▸ Exercise description
There is material below. Print exactly the lines starting at the line with "user: text: You" and ending at the line with "left and down.", ends included, and no others.

▸ Records for the task
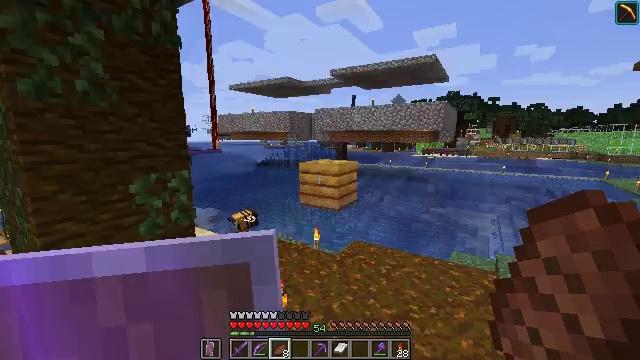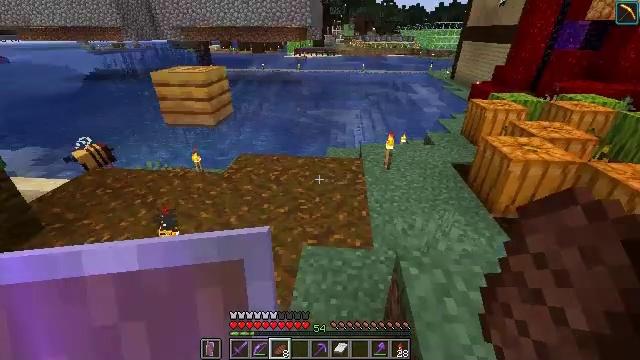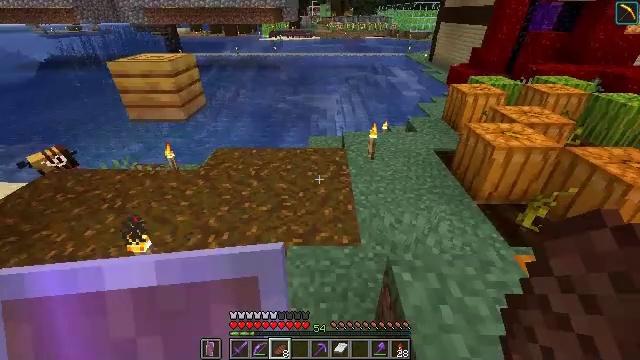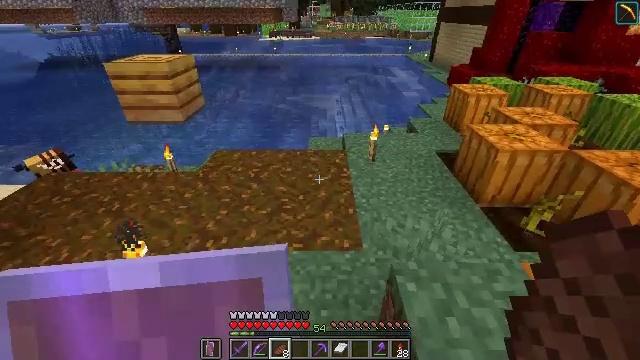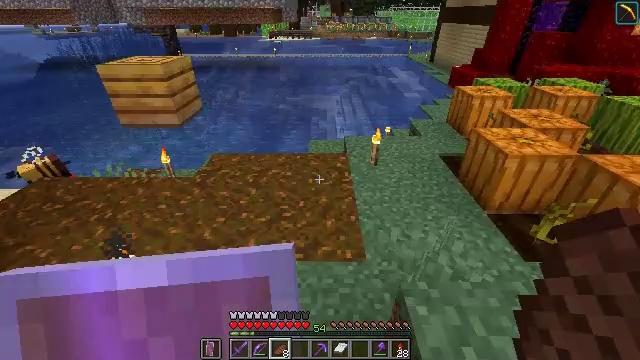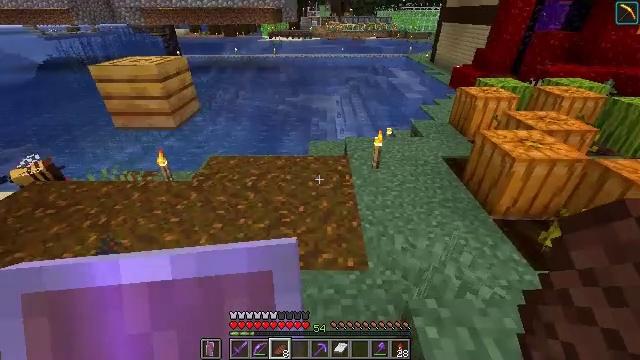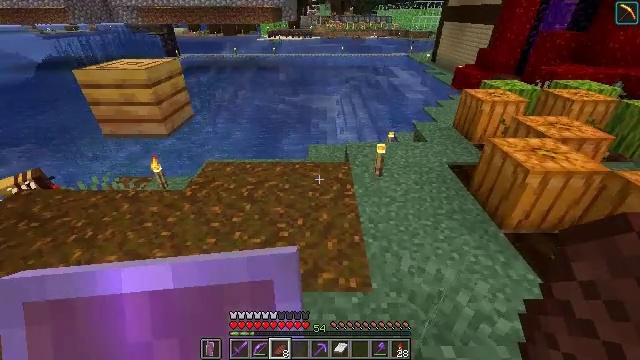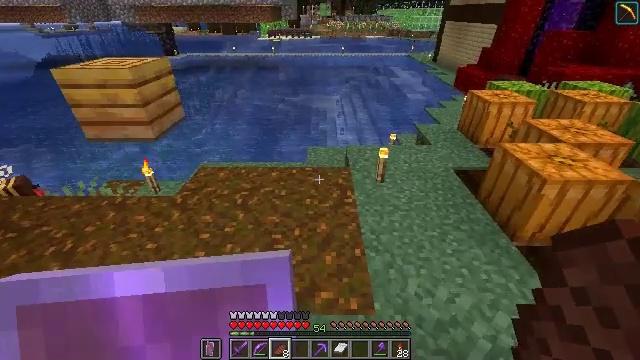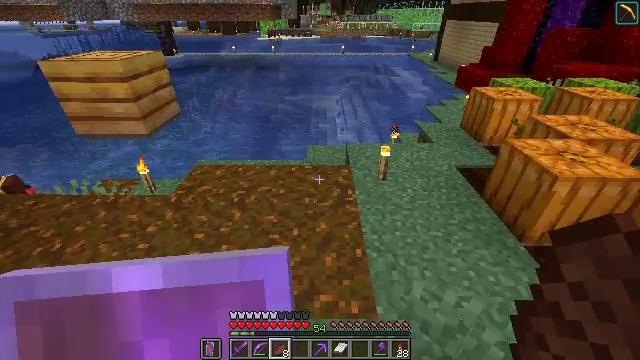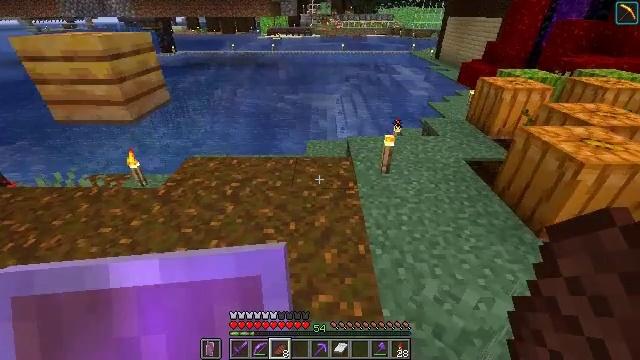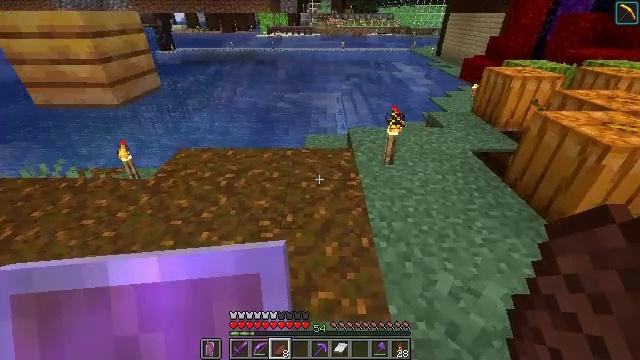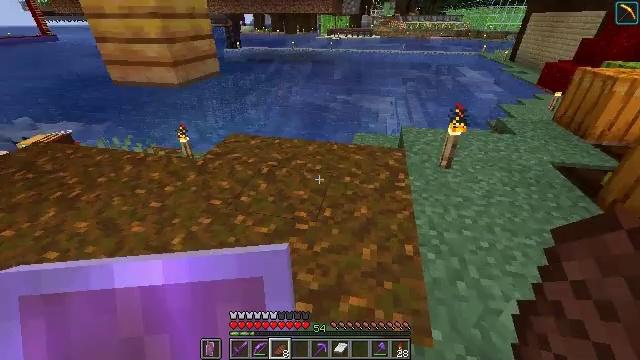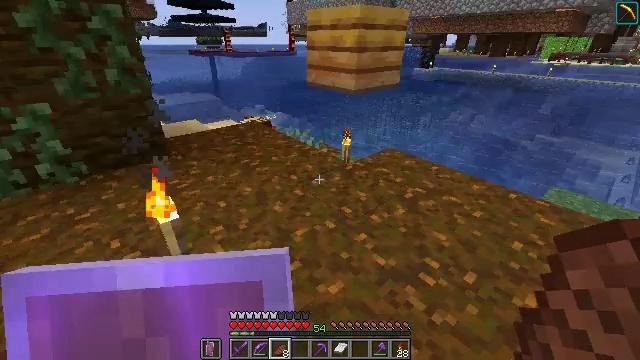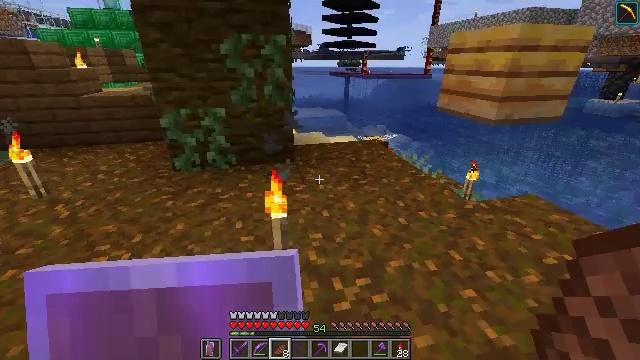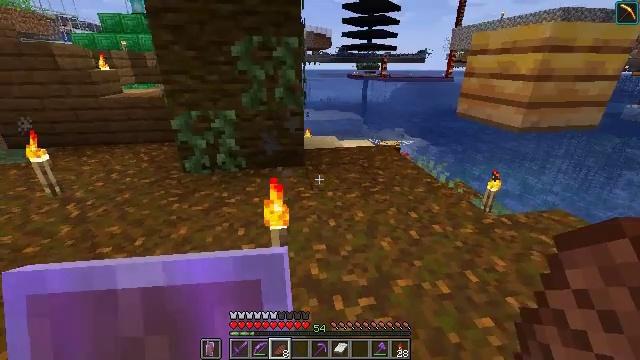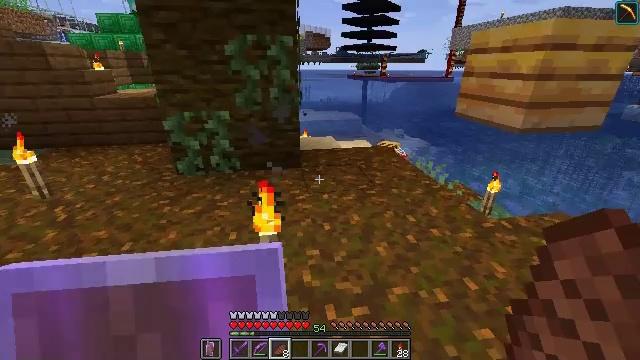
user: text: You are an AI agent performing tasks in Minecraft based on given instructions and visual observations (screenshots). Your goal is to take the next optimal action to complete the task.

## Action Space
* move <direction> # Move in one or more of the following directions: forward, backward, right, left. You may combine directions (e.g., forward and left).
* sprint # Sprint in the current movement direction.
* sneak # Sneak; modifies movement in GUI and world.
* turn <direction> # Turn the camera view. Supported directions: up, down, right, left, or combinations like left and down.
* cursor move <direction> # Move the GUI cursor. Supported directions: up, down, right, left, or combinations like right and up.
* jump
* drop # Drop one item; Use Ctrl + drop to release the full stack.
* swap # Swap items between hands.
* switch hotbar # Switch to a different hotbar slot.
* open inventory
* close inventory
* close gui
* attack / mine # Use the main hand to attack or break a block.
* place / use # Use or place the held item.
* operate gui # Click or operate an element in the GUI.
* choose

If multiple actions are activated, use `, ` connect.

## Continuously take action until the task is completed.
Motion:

---

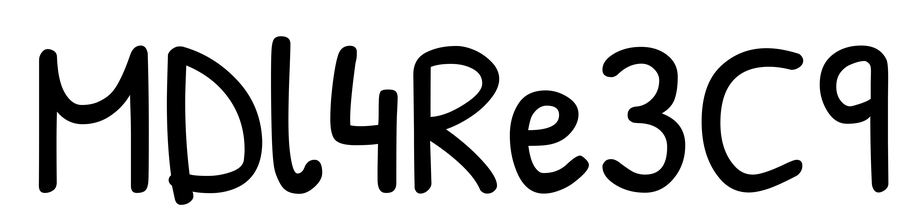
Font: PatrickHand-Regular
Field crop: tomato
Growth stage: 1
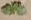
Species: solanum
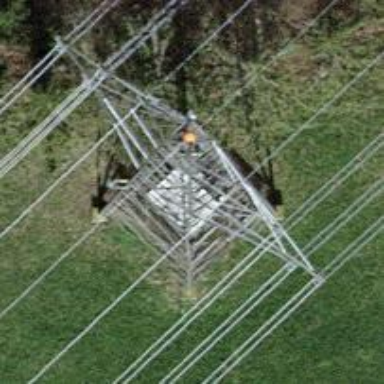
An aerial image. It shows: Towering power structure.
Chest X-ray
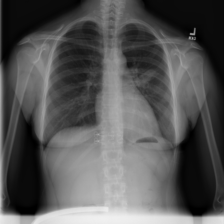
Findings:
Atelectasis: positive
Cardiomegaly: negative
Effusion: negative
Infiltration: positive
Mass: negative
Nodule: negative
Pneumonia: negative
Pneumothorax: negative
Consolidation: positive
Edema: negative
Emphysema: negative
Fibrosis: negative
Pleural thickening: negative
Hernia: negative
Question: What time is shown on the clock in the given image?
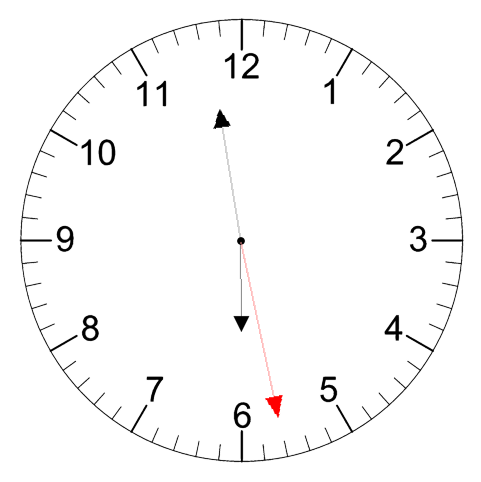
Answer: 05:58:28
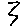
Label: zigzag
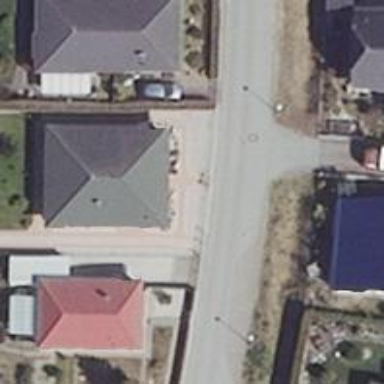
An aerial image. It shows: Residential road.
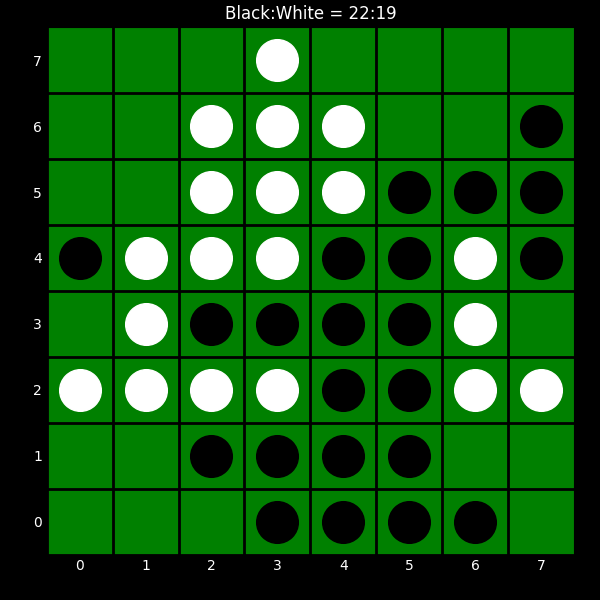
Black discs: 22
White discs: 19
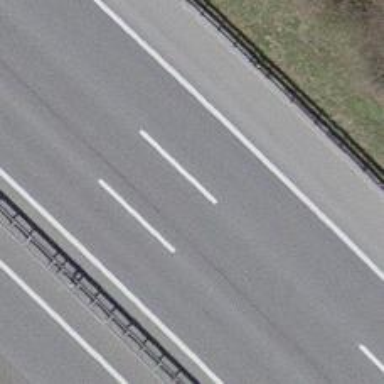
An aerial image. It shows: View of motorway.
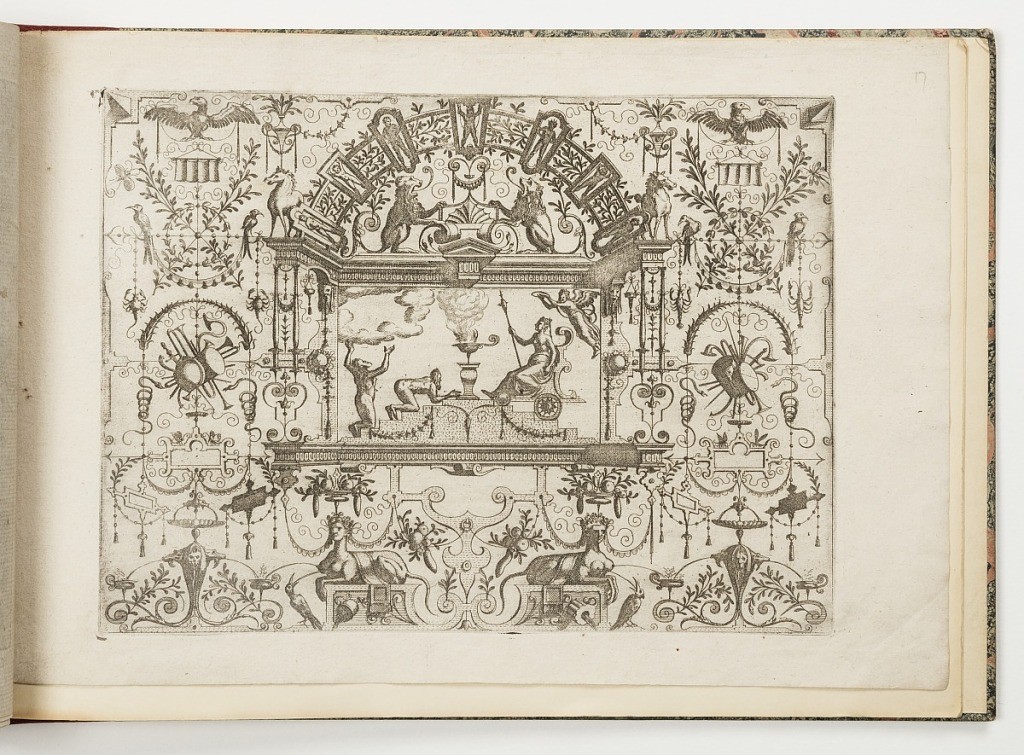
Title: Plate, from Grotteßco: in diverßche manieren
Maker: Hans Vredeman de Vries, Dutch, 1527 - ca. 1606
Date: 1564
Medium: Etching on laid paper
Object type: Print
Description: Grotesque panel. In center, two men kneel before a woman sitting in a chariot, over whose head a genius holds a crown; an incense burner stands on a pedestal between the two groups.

---

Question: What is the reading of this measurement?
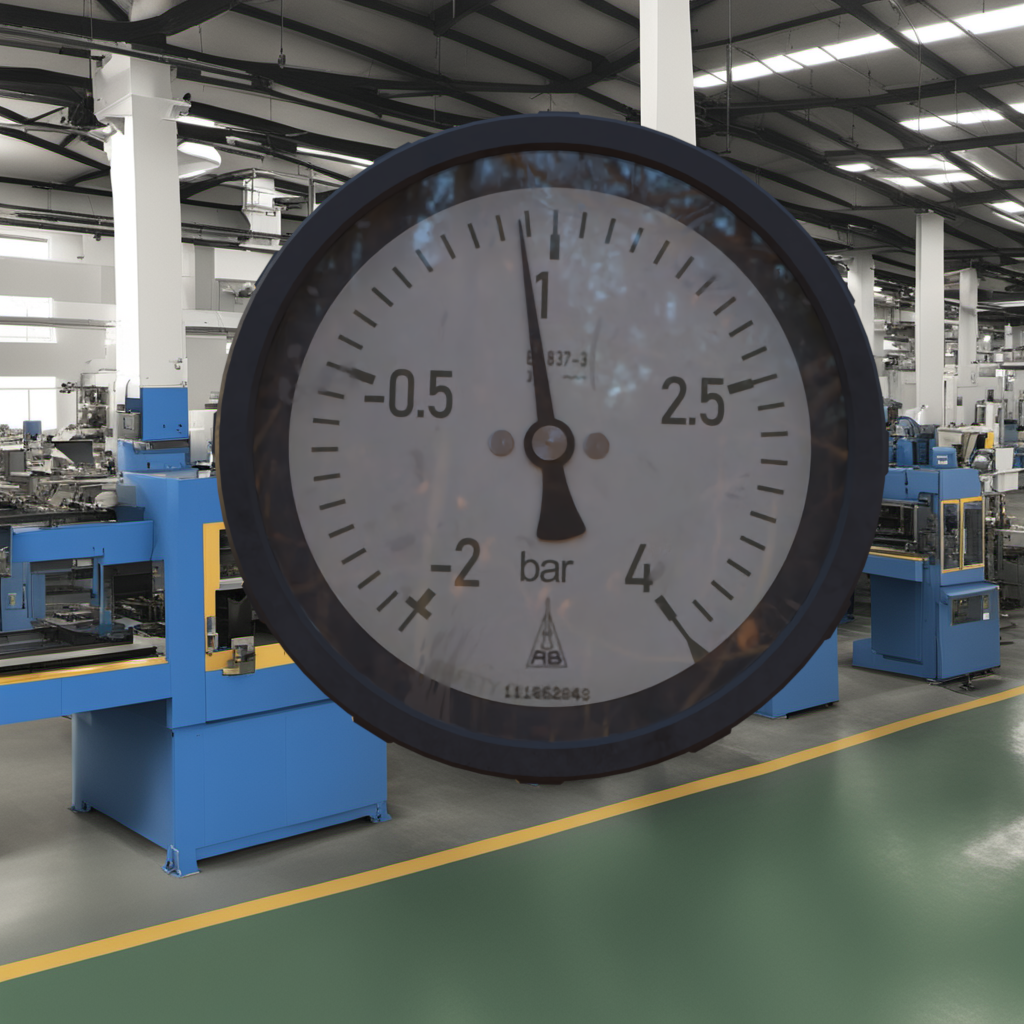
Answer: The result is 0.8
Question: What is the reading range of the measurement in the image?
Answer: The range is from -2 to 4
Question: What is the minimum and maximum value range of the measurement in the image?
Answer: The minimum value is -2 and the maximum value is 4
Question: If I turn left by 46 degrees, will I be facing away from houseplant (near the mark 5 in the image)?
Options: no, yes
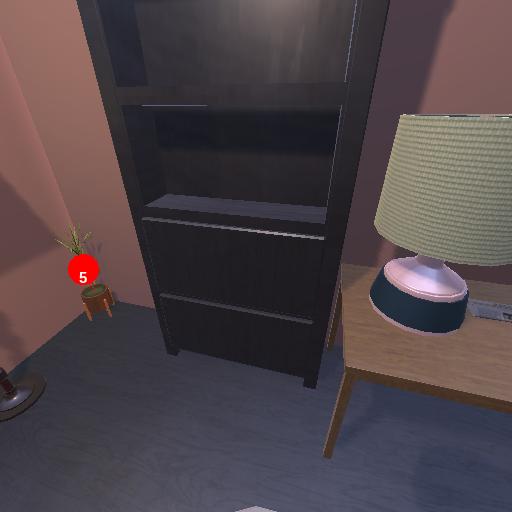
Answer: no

▸ Output below
user: text: You are an AI agent performing tasks in Minecraft based on given instructions and visual observations (screenshots). Your goal is to take the next optimal action to complete the task.

## Action Space
* move <direction> # Move in one or more of the following directions: forward, backward, right, left. You may combine directions (e.g., forward and left).
* sprint # Sprint in the current movement direction.
* sneak # Sneak; modifies movement in GUI and world.
* turn <direction> # Turn the camera view. Supported directions: up, down, right, left, or combinations like left and down.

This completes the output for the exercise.